Our study involved 14 TTE in total during the period from January 2017 to December 2021. It included seven cases with left TTE and seven cases with right TTE. The ages of the patients ranged from 0.5 to 2.25 years, with a median of 1.08 years. The patients complained of scrotal emptiness in eight cases and groin mass in six cases. All cases underwent preoperative physical examination and ultrasonography, and the final diagnosis was confirmed by diagnostic laparoscopy. Chromosomal analysis of peripheral blood showed that all 14 cases were normal males with karyotype 46, XY.

In the 14 TTE, a physical examination found 10 TTE, of which nine testes were located in the opposite scrotum, one testis was located in the opposite groin, and the four other testes were not touched by physical examination. In addition, physical examination revealed six cases with inguinal hernia and two cases with scrotal hemangioma.

All cases were diagnosed by preoperative ultrasound, and nine testes were located in the opposite scrotum, two testes were located in the opposite groin, and three testes were located next to the opposite iliac vessel in the abdominal cavity. Preoperative ultrasound showed the ectopic spermatic cord in six cases (6/14, 42.8%) and PMDS in one case (1/14, 7%). Preoperative ultrasound showed seven cases with inguinal hernia, three cases with contralateral cryptorchidism, and two cases with hemiscrotal hemangioma. Preoperative ultrasound showed normal testicular morphology and homogeneity in 14 cases of TTE, with no testicular atrophy, and CDFI showed blood flow signals in the testis parenchyma. The volume of the testis on the affected side of TTE measured by preoperative ultrasound was 0.33 ± 0.10 cm³, and the volume of the testis on the contralateral side was 0.37 ± 0.10 cm³. The volume of the testis on the affected side was smaller than that on the contralateral side, with a t-value of −2.910 and a P-value of <0.05, and the difference was statistically significant. The preoperative ultrasound features of transverse testicular ectopia in children were shown in Figures 1, 2.

FIGURE 1

Figure 1. Case 3, 0.67 years, chief complaint: left scrotal emptiness. Preoperative ultrasound: (A) Longitudinal section of the left scrotum showing no testicular echo in the left scrotum. (B) Longitudinal section of the right scrotum showing that there were two testes echoes in the right scrotum, and CDFI showed that there were punctate blood flow signals in the testis parenchyma. (C) Longitudinal section of the left inguinal region showing that the left spermatic cord extends through the perineum to the right scrotum, and CDFI showed the punctate blood flow signal in the left spermatic cord. (D) Left scrotal longitudinal section showing hemiscrotal hemangioma, and CDFI showed that the blood flow signal is abundant in the mass.

FIGURE 2

Figure 2. Case 14, 0.67 years, chief complaint: right scrotal emptiness. Preoperative ultrasound: (A) Cross section of the scrotum showing that the left testis is located in the left scrotum, and there was no testis echo in the right scrotum. (B) Cross section of the left lower abdomen showing that the right testis is located next to the left iliac vessel, and CDFI showed punctate blood flow signals in the testis parenchyma. (C) Longitudinal view of the right inguinal region showing no spermatic cord echo. (D) When the child was crying, the right testis passed through the left inner ring to the left inguinal canal.

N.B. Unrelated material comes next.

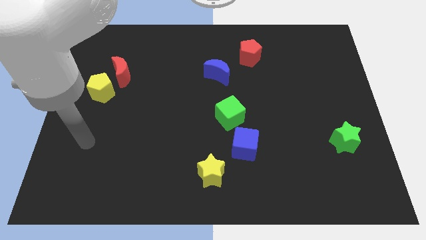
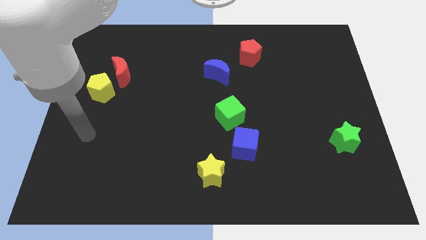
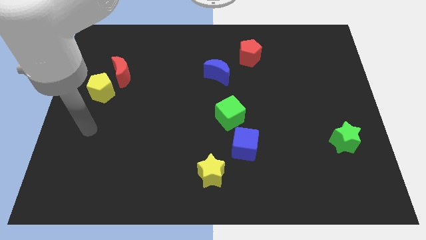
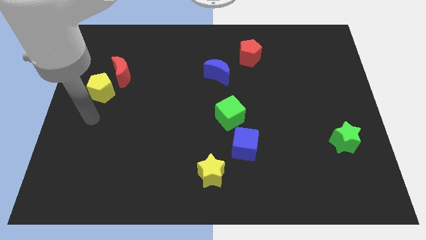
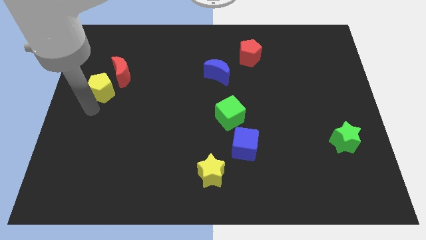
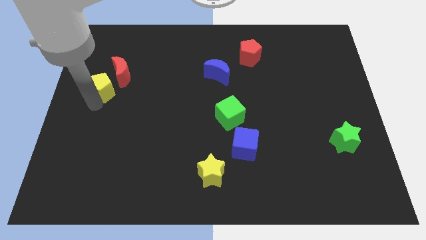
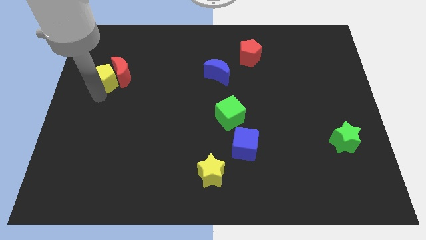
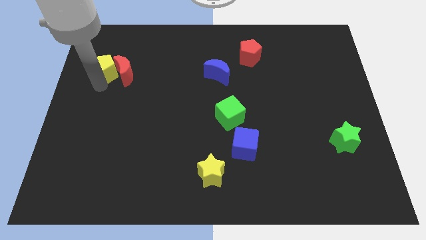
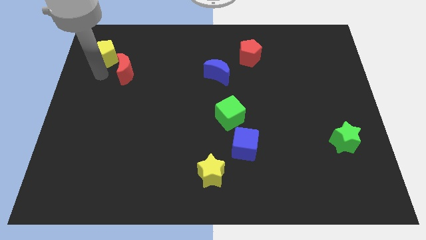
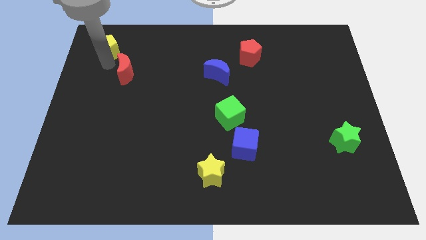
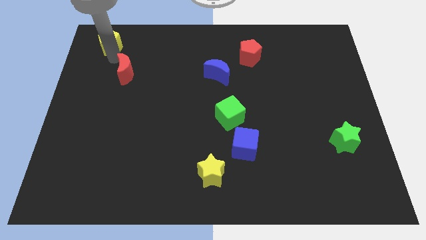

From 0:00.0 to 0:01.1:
pull the red moon apart from the yellow pentagon

Diagnostic laparoscopy finally confirmed 14 cases of TTE, which was consistent with preoperative ultrasound, and the coincidence rate was 100% (14/14). Among the 14 cases of TTE, diagnostic laparoscopy showed that 12 cases had ectopic spermatic vessels and vas deferens (12/14, 85.7%), and six cases were associated with PMDS (6/14, 42.8%). Among the six cases of PMDS, three cases showed dysplastic uterine structures in the pelvis and three cases showed fallopian tube umbrella structures adjacent to the bilateral gonads. In addition, diagnostic laparoscopy showed seven cases of TTE with inguinal hernia and three cases of TTE with contralateral cryptorchidism. The demographic details of the 14 cases of transverse testicular ectopia in children are shown in Table 1.

TABLE 1

Table 1. Demographics of 14 cases of transverse testicular ectopia in children.

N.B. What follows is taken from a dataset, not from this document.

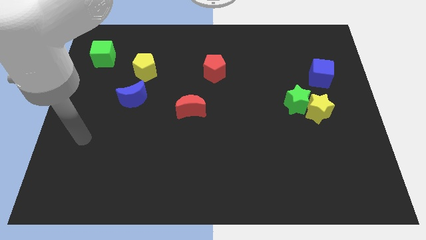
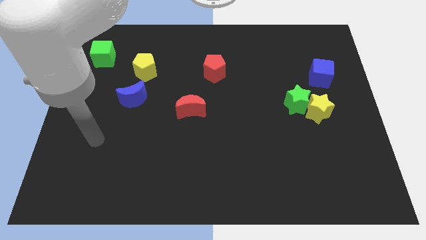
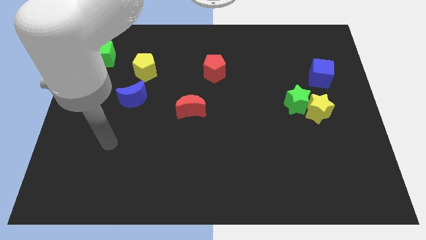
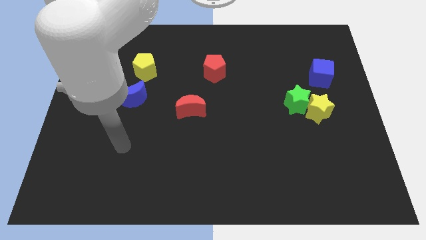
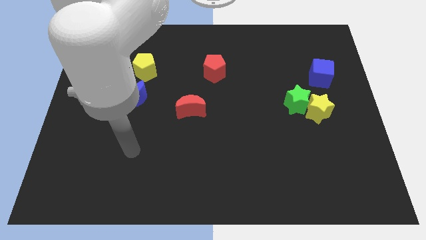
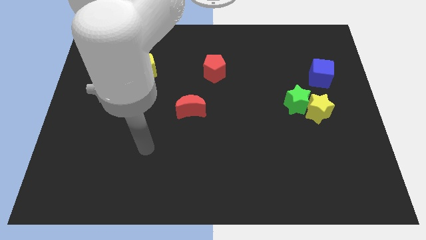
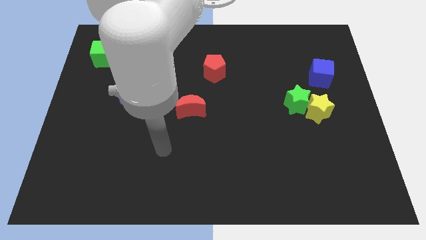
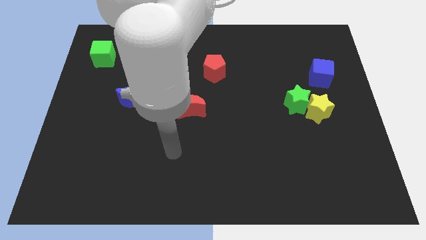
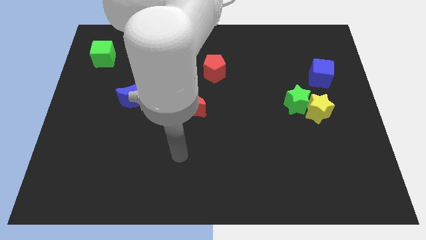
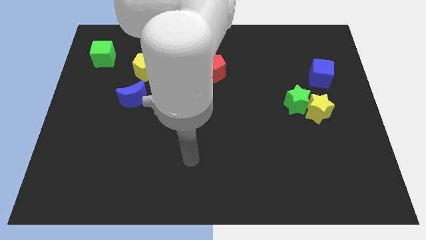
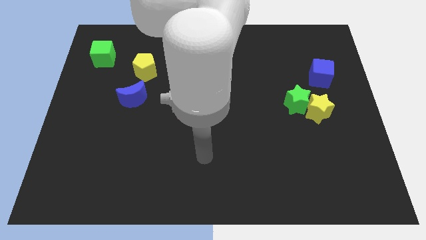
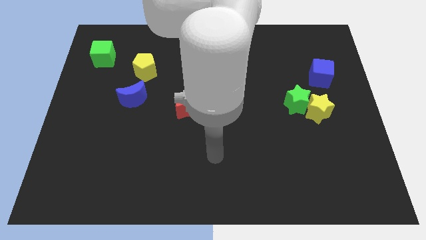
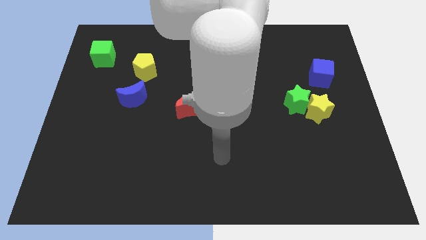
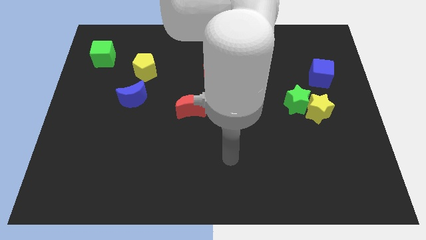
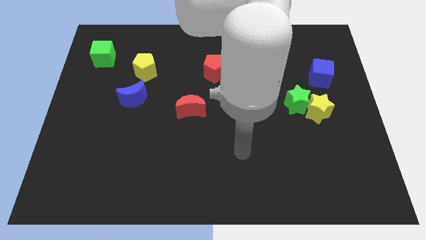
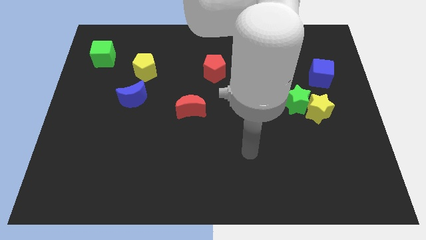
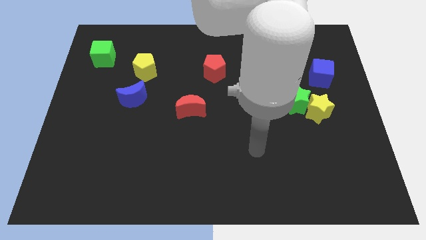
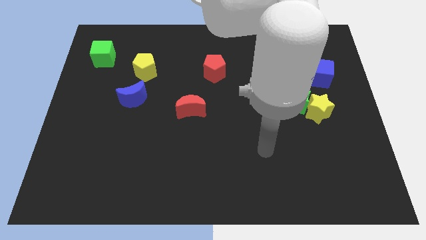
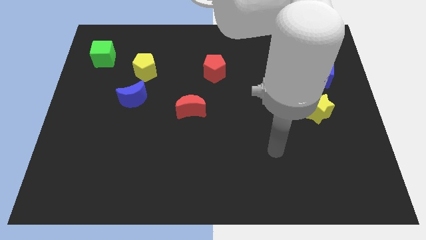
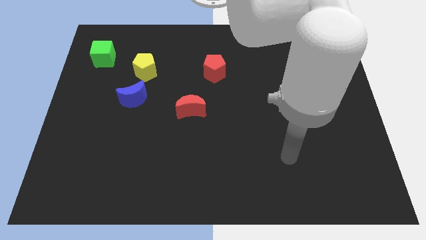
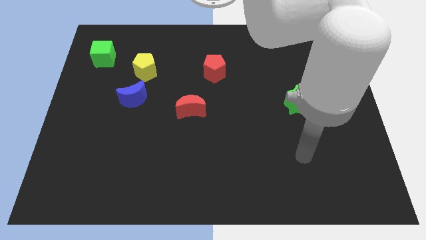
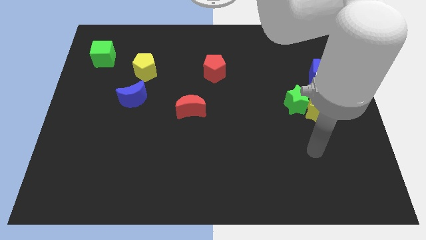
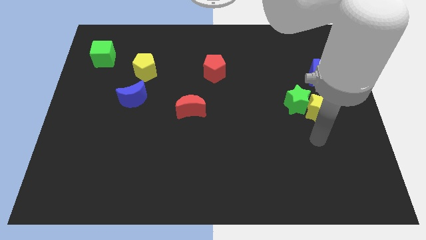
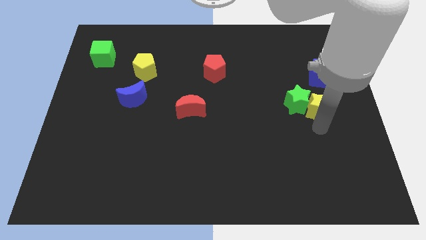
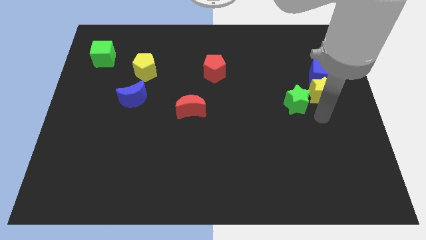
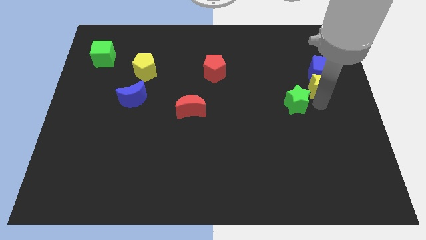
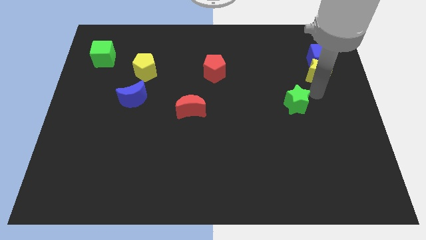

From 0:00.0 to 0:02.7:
pull the green star apart from the yellow star

The preoperative diagnostic performance of ultrasonography was significantly better than that of physical examination, the Pearson chi-square value was 4.667, P-value was <0.05, and the difference was statistically significant. The results of preoperative ultrasonography were fully consistent with diagnostic laparoscopy, and the diagnostic coincidence rate of preoperative ultrasonography in children with TTE was 100% (14/14). When TTE was associated with the ectopic spermatic cord and PMDS, the diagnostic performance of diagnostic laparoscopy was better than that of preoperative ultrasound, the Pearson chi-square values were 5.600 and 3.914, P-value of <0.05, and the difference was statistically significant. The comparison of diagnostic accuracy of preoperative ultrasound and diagnostic laparoscopy in children with TTE associated with PMDS and ectopic spermatic cord is shown in Table 2.

TABLE 2

Table 2. Comparison of diagnostic accuracy of preoperative ultrasound and diagnostic laparoscopy in children with transverse testicular ectopia (TTE) associated with persistent Müllerian duct syndrome (PMDS) and ectopic spermatic cord [cases (%)].

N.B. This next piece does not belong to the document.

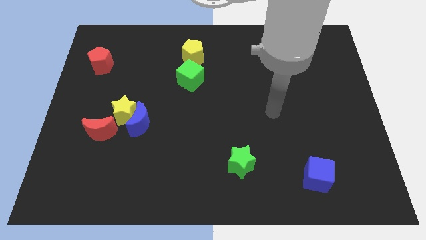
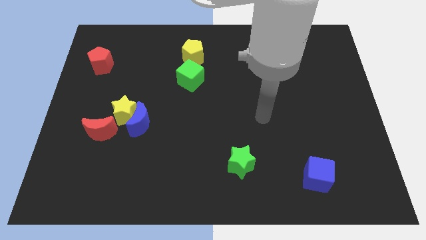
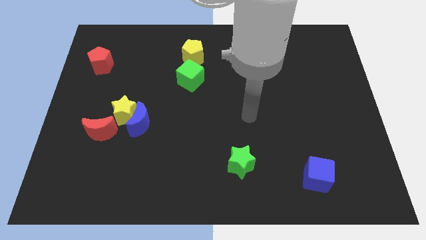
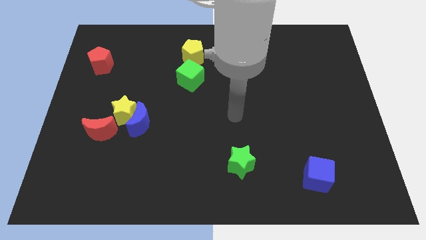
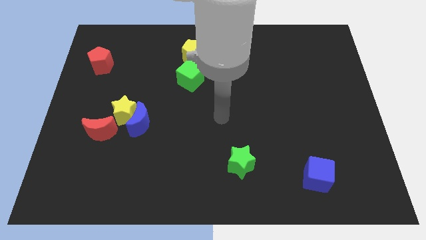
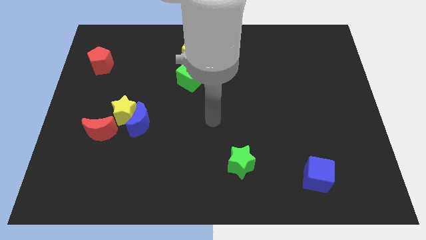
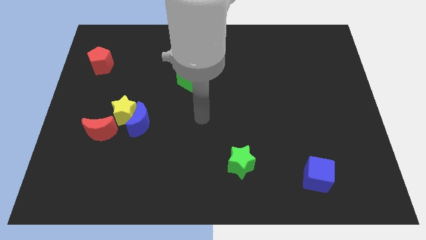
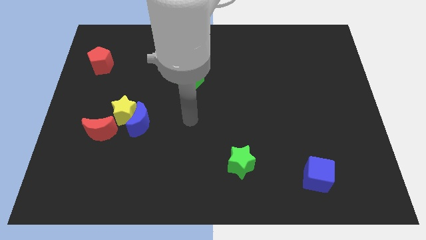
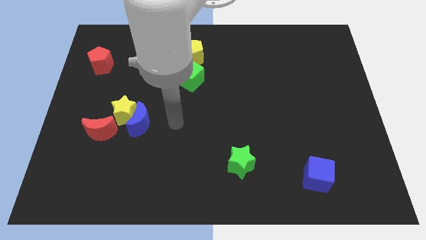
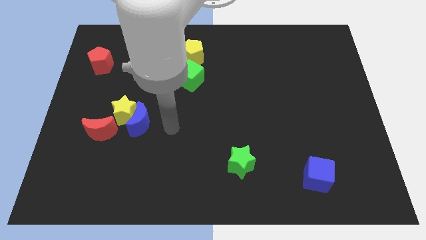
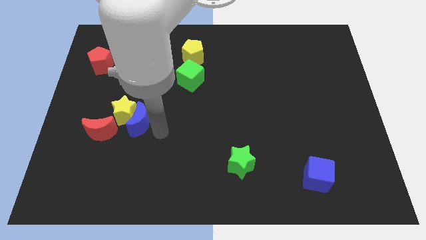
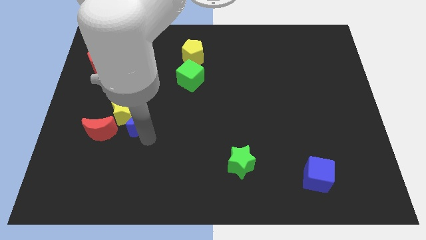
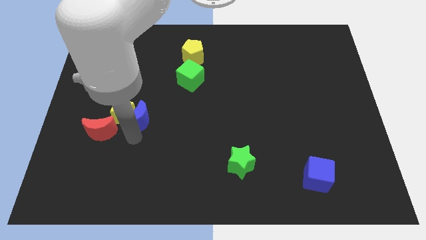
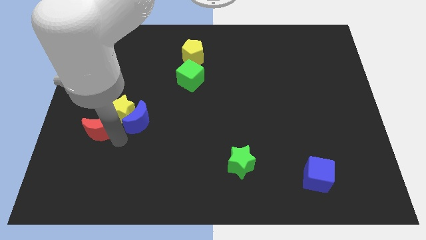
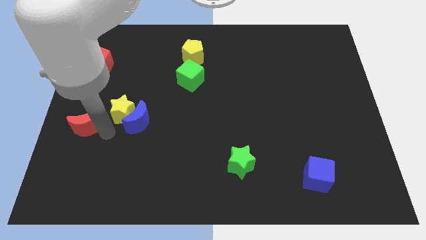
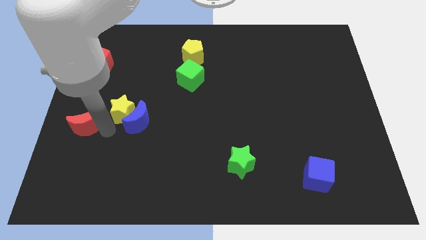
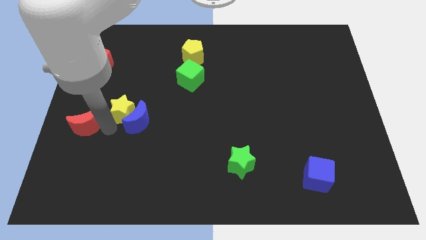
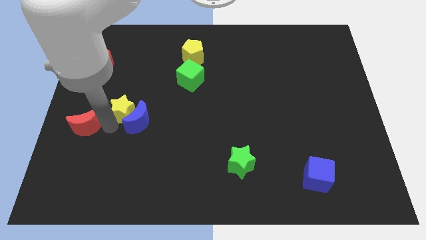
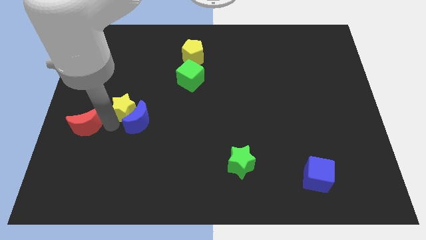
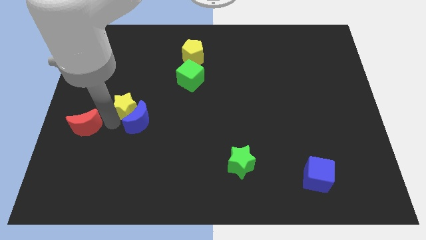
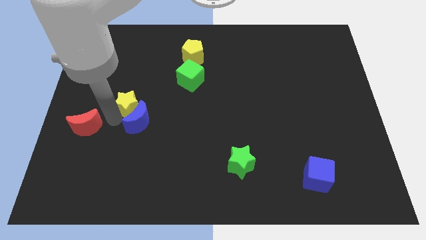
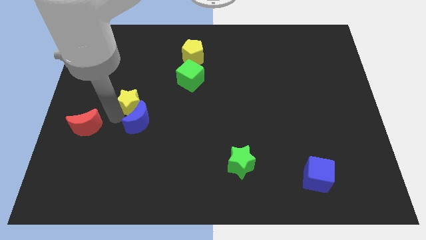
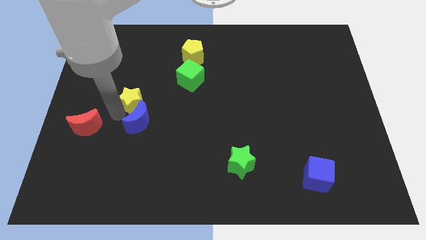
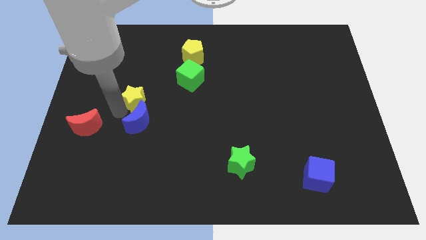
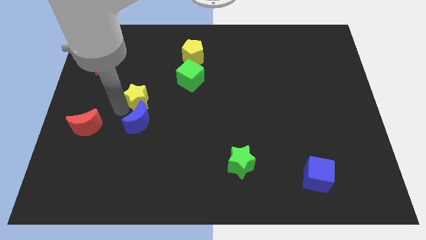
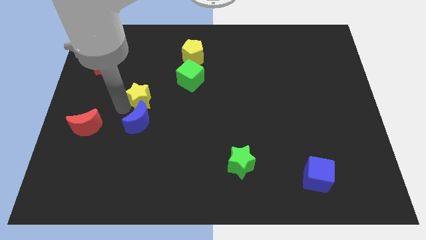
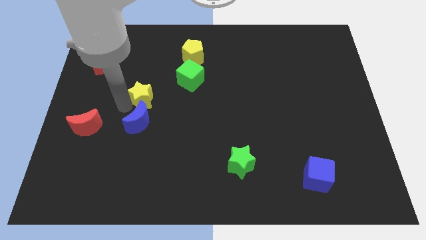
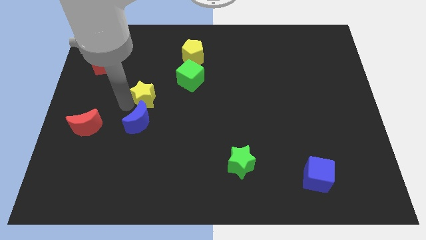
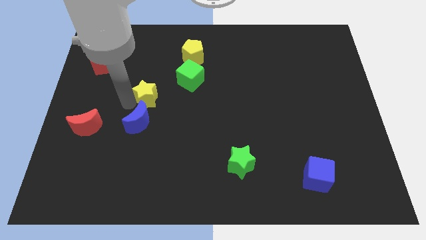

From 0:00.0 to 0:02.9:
separate the yellow star from the blue moon and red moon

Among the 14 cases of TTE, 12 cases of TTE with ectopic spermatic vessels and vas deferens were performed laparoscopy-assisted transscrotal mediastinal orchiopexy (Ombredanne operation), and the remaining two cases of TTE with normal spermatic vessels and vas deferens were performed laparoscopic orchidopexy. The laparoscopic hernia repair was performed for seven cases of TTE associated with inguinal hernia, and inguinal orchidopexy was performed for three cases of TTE associated with contralateral cryptorchidism. Bilateral gonad and surrounding tissue biopsies were performed for six cases of TTE associated with PMDS. Postoperative histologic and pathological reports showed dysplastic seminiferous tubules in six cases of bilateral gonads, and fallopian tube structures in the surrounding tissues of gonads in three cases. The age, clinical manifestations, and management of 14 cases of transverse testicular ectopia in children are shown in Table 3.

TABLE 3

Table 3. Age, clinical manifestations, and management of 14 cases of transverse testicular ectopia in children.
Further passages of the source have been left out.